When to use the calculator

Use the Heat Duty Calculator for Q and the cooling-water flow check (ṁ_cw = Q / (Cp_cw × ΔT_cw)). Use the LMTD Calculator for ΔTₘ — counter-current is the usual configuration but check F if the exchanger is multi-pass. The Heat Exchanger Area Calculator handles A = Q / (U_dirty × F × LMTD) with design margin. Pull U-values from the Typical U-Values Reference, fouling resistances from the Fouling Factors Reference, and a sensible approach from the Minimum Approach Temperature Reference.

FAQ

What cooling-water supply temperature should I use for sizing?
Use the worst-case (highest) cooling-water supply temperature the exchanger has to meet duty against — typically a summer maximum. The exact value depends on the site: closed-loop cooling towers might supply 28–35 °C in hot climates; once-through seawater might be 18–32 °C depending on location and season. Get the design-basis supply temperature from the project utility design.

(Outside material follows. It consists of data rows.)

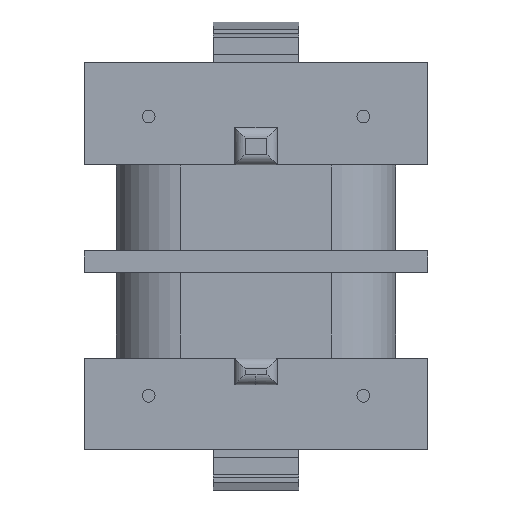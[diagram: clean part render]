
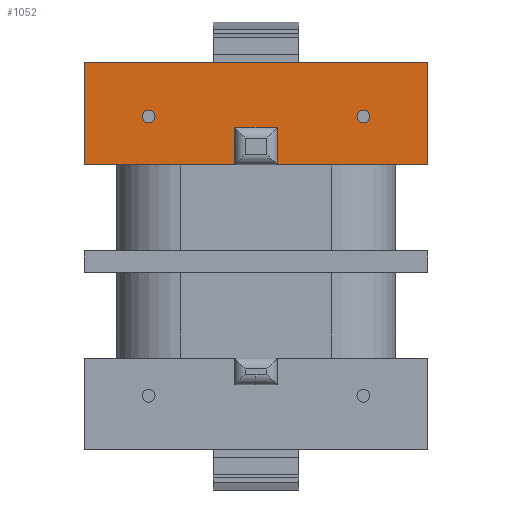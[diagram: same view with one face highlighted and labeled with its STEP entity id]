
A CAD part, front view. The second image highlights one B-rep face of the part: STEP entity #1052.
In plain terms, the highlighted planar face has unit normal (0, -1, 0).
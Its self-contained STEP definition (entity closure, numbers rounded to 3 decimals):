
#2 = ORIENTED_EDGE ( 'NONE', *, *, #943, .T. ) ;
#47 = LINE ( 'NONE', #1827, #497 ) ;
#73 = DIRECTION ( 'NONE',  ( 1., 0., 0. ) ) ;
#105 = LINE ( 'NONE', #2811, #3772 ) ;
#182 = AXIS2_PLACEMENT_3D ( 'NONE', #5531, #4305, #4755 ) ;
#204 = ORIENTED_EDGE ( 'NONE', *, *, #580, .F. ) ;
#232 = ORIENTED_EDGE ( 'NONE', *, *, #2935, .F. ) ;
#284 = EDGE_CURVE ( 'NONE', #4841, #4010, #2169, .T. ) ;
#338 = VERTEX_POINT ( 'NONE', #3365 ) ;
#408 = PLANE ( 'NONE',  #724 ) ;
#453 = EDGE_CURVE ( 'NONE', #3792, #1422, #4183, .T. ) ;
#497 = VECTOR ( 'NONE', #73, 1000. ) ;
#540 = VERTEX_POINT ( 'NONE', #2419 ) ;
#580 = EDGE_CURVE ( 'NONE', #4385, #5717, #1555, .T. ) ;
#665 = DIRECTION ( 'NONE',  ( 0., 0., 1. ) ) ;
#692 = ORIENTED_EDGE ( 'NONE', *, *, #453, .T. ) ;
#697 = VERTEX_POINT ( 'NONE', #1673 ) ;
#724 = AXIS2_PLACEMENT_3D ( 'NONE', #2180, #3943, #1754 ) ;
#816 = FACE_BOUND ( 'NONE', #5151, .T. ) ;
#943 = EDGE_CURVE ( 'NONE', #540, #3792, #1635, .T. ) ;
#994 = VECTOR ( 'NONE', #4070, 1000. ) ;
#1052 = ADVANCED_FACE ( 'NONE', ( #816, #3049, #4387 ), #408, .F. ) ;
#1102 = DIRECTION ( 'NONE',  ( 1., 0., 0. ) ) ;
#1104 = CARTESIAN_POINT ( 'NONE',  ( -5., -7.5, 15.5 ) ) ;
#1113 = EDGE_CURVE ( 'NONE', #540, #5470, #105, .T. ) ;
#1117 = ORIENTED_EDGE ( 'NONE', *, *, #1113, .F. ) ;
#1133 = EDGE_CURVE ( 'NONE', #5717, #4385, #1289, .T. ) ;
#1171 = CARTESIAN_POINT ( 'NONE',  ( 5., -7.5, 18. ) ) ;
#1212 = CARTESIAN_POINT ( 'NONE',  ( 8., -7.5, 13.245 ) ) ;
#1281 = AXIS2_PLACEMENT_3D ( 'NONE', #5122, #3826, #5626 ) ;
#1289 = CIRCLE ( 'NONE', #4531, 0.3 ) ;
#1375 = CARTESIAN_POINT ( 'NONE',  ( 1., -7.5, 13.245 ) ) ;
#1422 = VERTEX_POINT ( 'NONE', #1375 ) ;
#1474 = DIRECTION ( 'NONE',  ( 0., -1., 0. ) ) ;
#1502 = ORIENTED_EDGE ( 'NONE', *, *, #5007, .F. ) ;
#1507 = CARTESIAN_POINT ( 'NONE',  ( 5., -7.5, 15.5 ) ) ;
#1555 = CIRCLE ( 'NONE', #1281, 0.3 ) ;
#1593 = CARTESIAN_POINT ( 'NONE',  ( 8., -7.5, 39.131 ) ) ;
#1619 = CARTESIAN_POINT ( 'NONE',  ( 5., -7.5, 15.8 ) ) ;
#1635 = LINE ( 'NONE', #2004, #4056 ) ;
#1668 = CARTESIAN_POINT ( 'NONE',  ( -1., -7.5, 13.245 ) ) ;
#1671 = DIRECTION ( 'NONE',  ( 0., -1., 0. ) ) ;
#1673 = CARTESIAN_POINT ( 'NONE',  ( -5., -7.5, 15.8 ) ) ;
#1754 = DIRECTION ( 'NONE',  ( 0., 0., 1. ) ) ;
#1827 = CARTESIAN_POINT ( 'NONE',  ( -1., -7.5, 13.245 ) ) ;
#1844 = EDGE_CURVE ( 'NONE', #4010, #5470, #47, .T. ) ;
#1990 = ORIENTED_EDGE ( 'NONE', *, *, #3447, .T. ) ;
#2004 = CARTESIAN_POINT ( 'NONE',  ( 8., -7.5, 15. ) ) ;
#2169 = LINE ( 'NONE', #5219, #4900 ) ;
#2180 = CARTESIAN_POINT ( 'NONE',  ( -1., -7.5, 39.131 ) ) ;
#2188 = ORIENTED_EDGE ( 'NONE', *, *, #1844, .T. ) ;
#2369 = EDGE_CURVE ( 'NONE', #5124, #4841, #5632, .T. ) ;
#2419 = CARTESIAN_POINT ( 'NONE',  ( -1., -7.5, 15. ) ) ;
#2513 = DIRECTION ( 'NONE',  ( -1., 0., 0. ) ) ;
#2689 = ORIENTED_EDGE ( 'NONE', *, *, #3771, .F. ) ;
#2811 = CARTESIAN_POINT ( 'NONE',  ( -1., -7.5, 39.131 ) ) ;
#2914 = LINE ( 'NONE', #1593, #3384 ) ;
#2935 = EDGE_CURVE ( 'NONE', #5124, #2994, #2914, .T. ) ;
#2994 = VERTEX_POINT ( 'NONE', #1212 ) ;
#3043 = CARTESIAN_POINT ( 'NONE',  ( -1., -7.5, 13.245 ) ) ;
#3049 = FACE_OUTER_BOUND ( 'NONE', #4987, .T. ) ;
#3056 = EDGE_LOOP ( 'NONE', ( #3140, #204 ) ) ;
#3140 = ORIENTED_EDGE ( 'NONE', *, *, #1133, .F. ) ;
#3206 = DIRECTION ( 'NONE',  ( 0., 0., 1. ) ) ;
#3365 = CARTESIAN_POINT ( 'NONE',  ( -5., -7.5, 15.2 ) ) ;
#3384 = VECTOR ( 'NONE', #4195, 1000. ) ;
#3447 = EDGE_CURVE ( 'NONE', #1422, #2994, #5679, .T. ) ;
#3471 = DIRECTION ( 'NONE',  ( 1., 0., 0. ) ) ;
#3701 = CIRCLE ( 'NONE', #182, 0.3 ) ;
#3710 = AXIS2_PLACEMENT_3D ( 'NONE', #1104, #1671, #665 ) ;
#3771 = EDGE_CURVE ( 'NONE', #338, #697, #3701, .T. ) ;
#3772 = VECTOR ( 'NONE', #5407, 1000. ) ;
#3792 = VERTEX_POINT ( 'NONE', #5660 ) ;
#3826 = DIRECTION ( 'NONE',  ( 0., -1., 0. ) ) ;
#3943 = DIRECTION ( 'NONE',  ( 0., 1., 0. ) ) ;
#4010 = VERTEX_POINT ( 'NONE', #4597 ) ;
#4056 = VECTOR ( 'NONE', #1102, 1000. ) ;
#4070 = DIRECTION ( 'NONE',  ( 0., 0., -1. ) ) ;
#4183 = LINE ( 'NONE', #4977, #994 ) ;
#4195 = DIRECTION ( 'NONE',  ( 0., 0., -1. ) ) ;
#4218 = VECTOR ( 'NONE', #2513, 1000. ) ;
#4228 = ORIENTED_EDGE ( 'NONE', *, *, #284, .T. ) ;
#4305 = DIRECTION ( 'NONE',  ( 0., -1., 0. ) ) ;
#4385 = VERTEX_POINT ( 'NONE', #5518 ) ;
#4387 = FACE_BOUND ( 'NONE', #3056, .T. ) ;
#4466 = CIRCLE ( 'NONE', #3710, 0.3 ) ;
#4531 = AXIS2_PLACEMENT_3D ( 'NONE', #1507, #1474, #3206 ) ;
#4597 = CARTESIAN_POINT ( 'NONE',  ( -8., -7.5, 13.245 ) ) ;
#4755 = DIRECTION ( 'NONE',  ( 0., 0., 1. ) ) ;
#4841 = VERTEX_POINT ( 'NONE', #5445 ) ;
#4900 = VECTOR ( 'NONE', #5663, 1000. ) ;
#4977 = CARTESIAN_POINT ( 'NONE',  ( 1., -7.5, 39.131 ) ) ;
#4987 = EDGE_LOOP ( 'NONE', ( #4228, #2188, #1117, #2, #692, #1990, #232, #5761 ) ) ;
#5007 = EDGE_CURVE ( 'NONE', #697, #338, #4466, .T. ) ;
#5122 = CARTESIAN_POINT ( 'NONE',  ( 5., -7.5, 15.5 ) ) ;
#5124 = VERTEX_POINT ( 'NONE', #5437 ) ;
#5151 = EDGE_LOOP ( 'NONE', ( #1502, #2689 ) ) ;
#5219 = CARTESIAN_POINT ( 'NONE',  ( -8., -7.5, 39.131 ) ) ;
#5407 = DIRECTION ( 'NONE',  ( 0., 0., -1. ) ) ;
#5426 = VECTOR ( 'NONE', #3471, 1000. ) ;
#5437 = CARTESIAN_POINT ( 'NONE',  ( 8., -7.5, 18. ) ) ;
#5445 = CARTESIAN_POINT ( 'NONE',  ( -8., -7.5, 18. ) ) ;
#5470 = VERTEX_POINT ( 'NONE', #3043 ) ;
#5518 = CARTESIAN_POINT ( 'NONE',  ( 5., -7.5, 15.2 ) ) ;
#5531 = CARTESIAN_POINT ( 'NONE',  ( -5., -7.5, 15.5 ) ) ;
#5626 = DIRECTION ( 'NONE',  ( 0., 0., 1. ) ) ;
#5632 = LINE ( 'NONE', #1171, #4218 ) ;
#5660 = CARTESIAN_POINT ( 'NONE',  ( 1., -7.5, 15. ) ) ;
#5663 = DIRECTION ( 'NONE',  ( 0., 0., -1. ) ) ;
#5679 = LINE ( 'NONE', #1668, #5426 ) ;
#5717 = VERTEX_POINT ( 'NONE', #1619 ) ;
#5761 = ORIENTED_EDGE ( 'NONE', *, *, #2369, .T. ) ;

What cooling-water temperature rise (ΔT_cw) is typical?
Closed-loop cooling towers typically operate at 5–10 °C temperature rise. Once-through cooling can be lower. The chosen ΔT_cw affects cooling-water flow (lower ΔT_cw means higher flow and larger piping/pumps) and approach temperature (lower ΔT_cw means lower return temperature, which gives a larger LMTD). Confirm with the site utility design.

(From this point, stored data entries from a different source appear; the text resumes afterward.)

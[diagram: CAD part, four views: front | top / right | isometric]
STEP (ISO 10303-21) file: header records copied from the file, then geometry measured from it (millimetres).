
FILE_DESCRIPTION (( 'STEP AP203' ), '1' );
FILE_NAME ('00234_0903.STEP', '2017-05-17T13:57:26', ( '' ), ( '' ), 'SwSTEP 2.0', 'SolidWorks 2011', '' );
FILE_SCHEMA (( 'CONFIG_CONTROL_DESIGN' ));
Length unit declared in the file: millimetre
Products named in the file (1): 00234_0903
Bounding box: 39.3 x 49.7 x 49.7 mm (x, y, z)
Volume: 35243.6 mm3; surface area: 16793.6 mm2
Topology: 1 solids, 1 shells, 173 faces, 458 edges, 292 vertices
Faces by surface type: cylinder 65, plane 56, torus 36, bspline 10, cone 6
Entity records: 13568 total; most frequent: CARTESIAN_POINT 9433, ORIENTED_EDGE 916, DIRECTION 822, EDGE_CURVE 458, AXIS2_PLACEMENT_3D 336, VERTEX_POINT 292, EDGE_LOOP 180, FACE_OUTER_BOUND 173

What U-value should I use for a cooling-water exchanger?
For shell-and-tube water-on-water service, typical fouled U-values are 800–1500 W/(m²·K). For water cooling a process liquid, ranges depend on the process side — light organics 350–900 W/(m²·K), heavy organics 60–300 W/(m²·K). See the Typical U-Values Reference. Always derate from a clean U-value using the appropriate fouling resistance.

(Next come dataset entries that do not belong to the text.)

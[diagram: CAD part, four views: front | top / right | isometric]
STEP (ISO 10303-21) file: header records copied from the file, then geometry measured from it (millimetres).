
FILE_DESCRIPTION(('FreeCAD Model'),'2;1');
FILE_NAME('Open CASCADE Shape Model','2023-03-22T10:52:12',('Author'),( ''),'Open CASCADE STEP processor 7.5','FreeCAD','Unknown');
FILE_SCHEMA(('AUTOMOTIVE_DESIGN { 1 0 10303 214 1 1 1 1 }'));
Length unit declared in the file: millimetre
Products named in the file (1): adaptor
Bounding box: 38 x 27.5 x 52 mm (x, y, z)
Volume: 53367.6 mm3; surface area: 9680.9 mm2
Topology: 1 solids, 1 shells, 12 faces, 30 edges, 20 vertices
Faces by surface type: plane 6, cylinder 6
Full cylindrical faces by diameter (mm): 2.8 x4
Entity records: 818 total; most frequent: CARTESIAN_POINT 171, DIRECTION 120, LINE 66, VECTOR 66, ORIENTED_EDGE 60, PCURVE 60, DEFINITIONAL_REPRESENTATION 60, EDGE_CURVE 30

What minimum approach temperature should I assume?
Typical preliminary defaults are 5–10 °C for water service. Tighter approaches drive much larger area; wider approaches sacrifice heat recovery. The right value depends on duty value, area cost, and operating philosophy. See the Minimum Approach Temperature Reference for typical ranges by service.
Do I need to put the cooling water on the tube side?
Usually yes for shell-and-tube — cooling water on the tube side is easier to clean, allows velocity control, and isolates fouling to the tubes. There are exceptions (e.g., high-pressure process side that drives tube-side placement of the process, or specific corrosion considerations). The decision is part of the rating step.
Why is fouling so important for cooling-water service?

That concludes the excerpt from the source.